Not everyone can afford advertising, but if you’re in the right industry, there is joy to doing something meaningful, or making something wonderful. If others talk about it—that could generate fame. We’re not talking about something happening viral overnight, but a constant, sustained, long-term effort on making good things that others will value, cherish, or spread the word about. You don’t need influencers for that, just believable parties that others have real engagement with. And again we come back to individuals or fashion media, or pr professionals who aren’t reliant solely on influencers. Many of our story leads come from PR firms.

Sometimes, it’ll pique the interest of someone who can make your brand viral. Barack Obama was a senator only known by some—till actor George Clooney publicly mentioned him during the us Democratic primaries in 2007. All of a sudden, Hillary Clinton was no longer the anointed front-runner.

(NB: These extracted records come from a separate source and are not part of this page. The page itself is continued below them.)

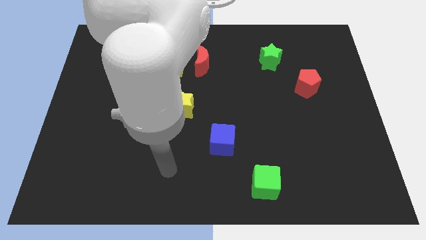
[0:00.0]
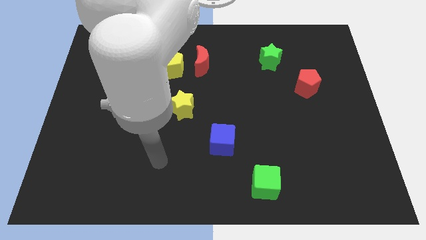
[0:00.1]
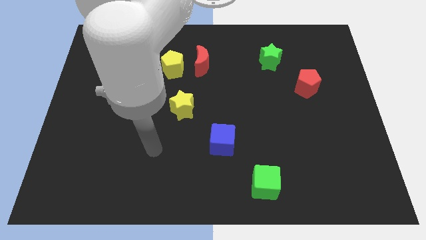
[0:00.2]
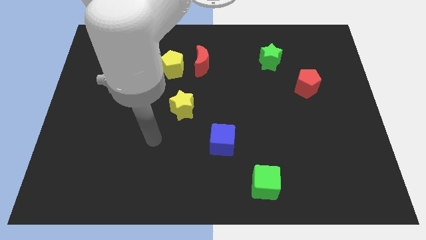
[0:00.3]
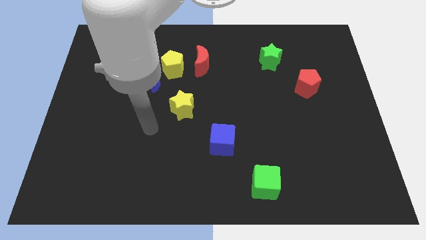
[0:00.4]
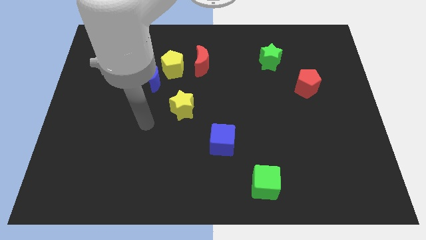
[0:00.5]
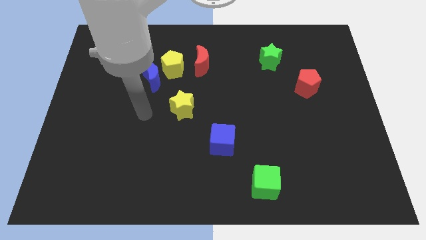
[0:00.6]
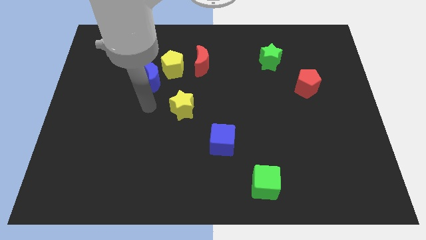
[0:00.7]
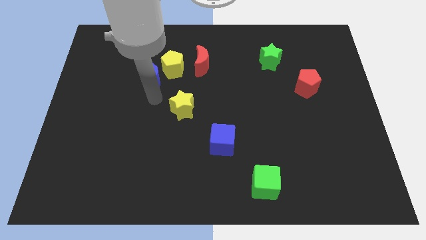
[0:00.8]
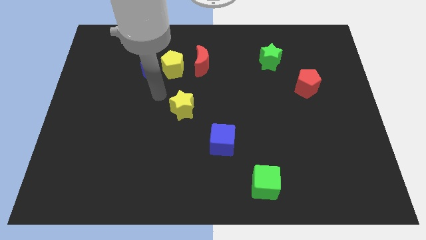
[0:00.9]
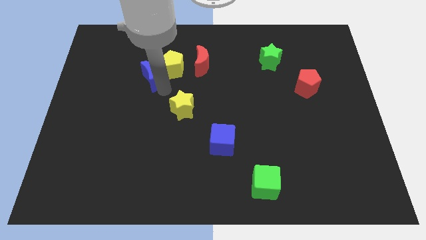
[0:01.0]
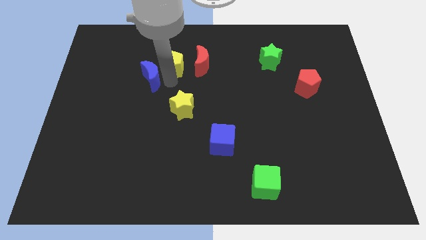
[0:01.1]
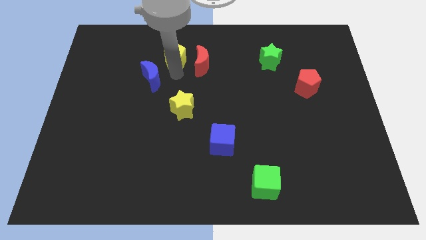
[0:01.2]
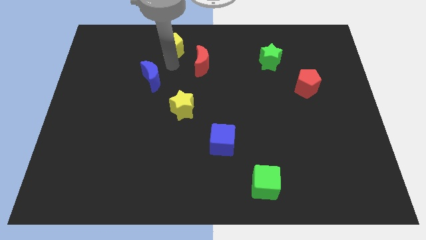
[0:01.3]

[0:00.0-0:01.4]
pull the blue moon apart from the yellow pentagon

His successor, Donald Trump, rode the wave of a TV show that helped cement a reputation that he had been building for decades before.

Other times, those magic moments might not happen. But if you are doing something you love, should it matter, as long as it’s sustaining you and your family, and brings you joy?

It’s only right to get word out and be proud of what you create. But it must be prudential. We had our Zeitgeist column on the fall of the influencer many years ago. We’ve seen little to convince us that things have changed. Sometimes you need to go back to tried-and-trusted methods that have worked for far longer than fleeting phenomena. •
 
Jack Yan is founder and publisher of Lucire.